La propuesta de Walzer se articula en torno a principios como el respeto, el diálogo, la responsabilidad y la justicia que cumplen la función necesaria de establecer un umbral ético sin el cual la política degenera en una forma de confrontación sin reglas. Su planteamiento no pretende eliminar el conflicto, sino dotarlo de un marco que lo haga compatible con la convivencia. Sin embargo, también puede ocurrir que ese mismo respeto, diálogo, responsabilidad y justicia se utilicen para conseguir determinados objetivos que no encajan dentro de lo que algunos entendemos como umbral ético.

¿Existe en la clase política la decencia que exige Walzer? Por supuesto. No pongo en duda la validez de su propuesta, pero, al margen de resultar ciertamente etérea a tenor de la difícil tarea que supondría para algunos partidos asumir el adjetivo liberal, aunque fuere de forma declarativa, esquiva lo que, en mi opinión, es la verdadera falla de las democracias liberales: la omnipresencia del Estado. Es aquí donde la propuesta encuentra un límite que no puede ignorarse si se quiere comprender la raíz del problema. Las democracias liberales surgidas tras la posguerra consolidaron un modelo en el que el poder público fue ampliando progresivamente sus funciones, hasta intervenir de manera decisiva en ámbitos que afectan directamente a la vida social, económica y privada de los ciudadanos. Este proceso, en gran medida aceptado, ha tenido un efecto estructural: la politización de esferas que deberían permanecer bajo la responsabilidad de los individuos y de sus asociaciones.

Cuando el alcance del Estado se extiende de ese modo, la política deja de ser un ámbito delimitado para convertirse en el eje que organiza la totalidad de la vida social y se introduce en el ámbito privado vía impuesto o vía subsidio, donde siempre hay quien paga y quien recibe. En esas condiciones, la política pasa de ser lo que Walzer describe como decente para convertirse en una lucha competitiva por ganar clientes ofreciendo productos. La competencia política -que debería ser cosa del mercado, es decir de la vida privada y no de la política-  adquiere un carácter absoluto, porque lo que está en juego no es solo la orientación de las políticas públicas, sino el control de los mecanismos que condicionan la autonomía individual por ambas vías. La consecuencia es previsible: aumenta el incentivo para utilizar cualquier medio disponible, se debilitan los frenos morales y la apelación a la decencia pierde eficacia, no por irrelevante, sino por insuficiente frente a una estructura que premia la ocupación del poder sin restricciones efectivas.

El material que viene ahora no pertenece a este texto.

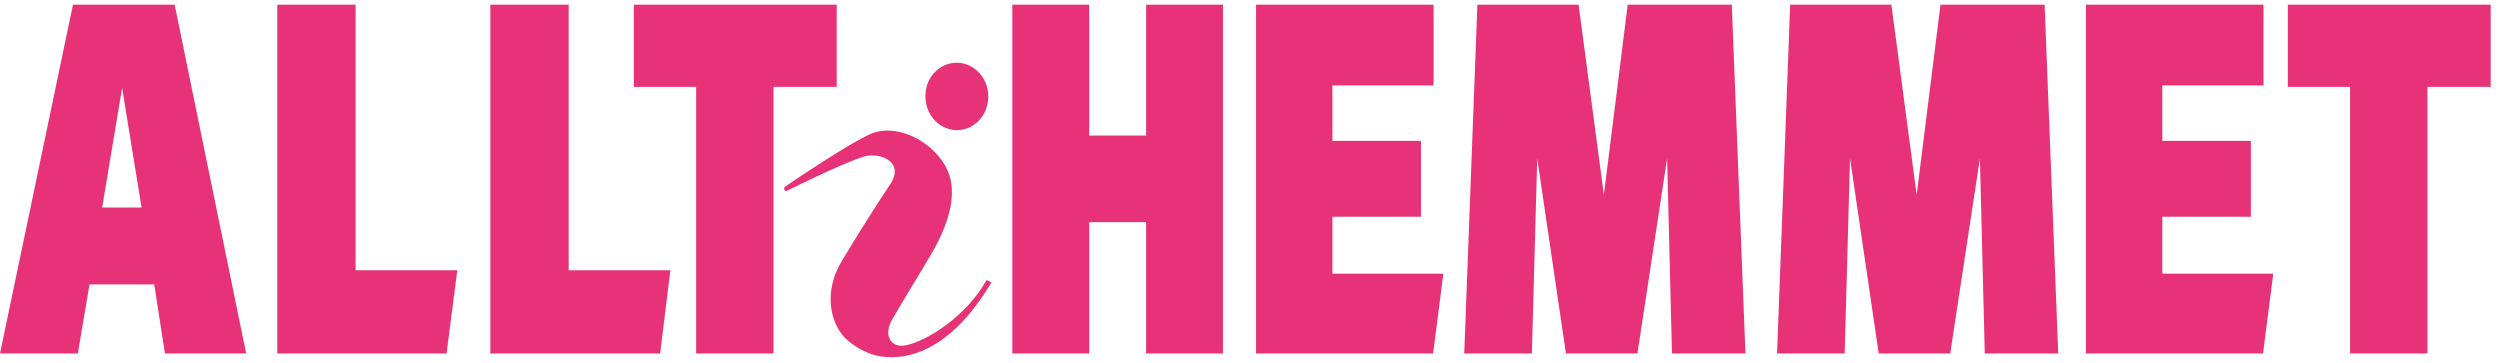 <svg width="179" height="26" viewBox="0 0 179 26" fill="none" xmlns="http://www.w3.org/2000/svg">
<path d="M8.743 6.29L7.314 14.858H10.136L8.743 6.29ZM11.808 25.307L11.041 20.361H6.409L5.573 25.307H0L5.225 0.333H12.504L17.624 25.307H11.808ZM19.854 0.333H25.461V19.351H32.741L31.975 25.307H19.854V0.333ZM67.676 11.863C68.617 13.499 68.129 15.729 66.631 18.271C65.795 19.699 64.611 21.58 63.81 23.008C63.287 24.018 63.775 24.959 64.89 24.715C66.422 24.401 69.243 22.59 70.637 20.048L70.985 20.222C68.024 25.203 64.82 25.934 62.695 25.447C61.929 25.238 61.093 24.785 60.466 24.158C59.456 23.078 58.934 20.884 60.292 18.654C61.546 16.565 62.904 14.44 63.81 13.082C64.611 11.758 63.392 11.061 62.242 11.131C61.319 11.197 56.956 13.357 56.381 13.644L56.321 13.674C56.217 13.743 56.043 13.465 56.217 13.36C56.249 13.336 56.526 13.146 56.951 12.861L57.371 12.582C58.885 11.578 61.466 9.918 62.486 9.529C64.158 8.902 66.561 9.947 67.676 11.863ZM40.717 0.333V19.351H47.997L47.265 25.307H35.109V0.333H40.717ZM59.909 0.333V6.22H55.381V25.307H49.843V6.22H45.384V0.333H59.909ZM69 4.548C70.219 4.861 70.985 6.15 70.706 7.439C70.428 8.763 69.209 9.564 67.99 9.25C66.77 8.937 66.039 7.648 66.318 6.324C66.596 5.036 67.815 4.269 69 4.548ZM82.061 15.903H77.986V25.307H72.483V0.333H77.986V9.703H82.061V0.333H87.564V25.307H82.061V15.903ZM89.933 0.333H102.646V6.115H95.401V10.086H101.741V15.52H95.401V19.595H103.343L102.611 25.307H89.933V0.333ZM119.365 11.34L117.24 25.307H112.12L110.065 11.34L109.682 25.307H104.84L105.781 0.333H113.026L114.837 13.952L116.544 0.333H123.997L124.973 25.307H119.713L119.365 11.34ZM141.761 11.34L139.636 25.307H134.516L132.461 11.34L132.078 25.307H127.237L128.177 0.333H135.422L137.233 13.952L138.94 0.333H146.394L147.369 25.307H142.109L141.761 11.34ZM149.354 0.333H162.067V6.115H154.823V10.086H161.162V15.52H154.823V19.595H162.764L162.033 25.307H149.354V0.333ZM168.267 6.22H163.809V0.333H178.333V6.22H173.805V25.307H168.267V6.22Z" fill="#E73277"/>
</svg>

Por eso, la recuperación de una política decente exige algo más que la adhesión a principios éticos compartidos. Requiere una reconsideración del alcance del poder estatal y una restitución efectiva del espacio propio de la sociedad civil. Allí donde el ciudadano puede decidir, asociarse, crear y disentir sin tutela, la política recupera su función limitada. La cuestión decisiva, en consecuencia, no es únicamente si es posible una política moralmente exigente, sino si existe la voluntad de sostener un orden en el que el poder esté efectivamente limitado y la libertad no sea una concesión reversible. Esto no nos liberará de tener que, en ocasiones, digerir un gobierno indecente, pero, en todo caso, al menos tendrá menos espacio donde serlo.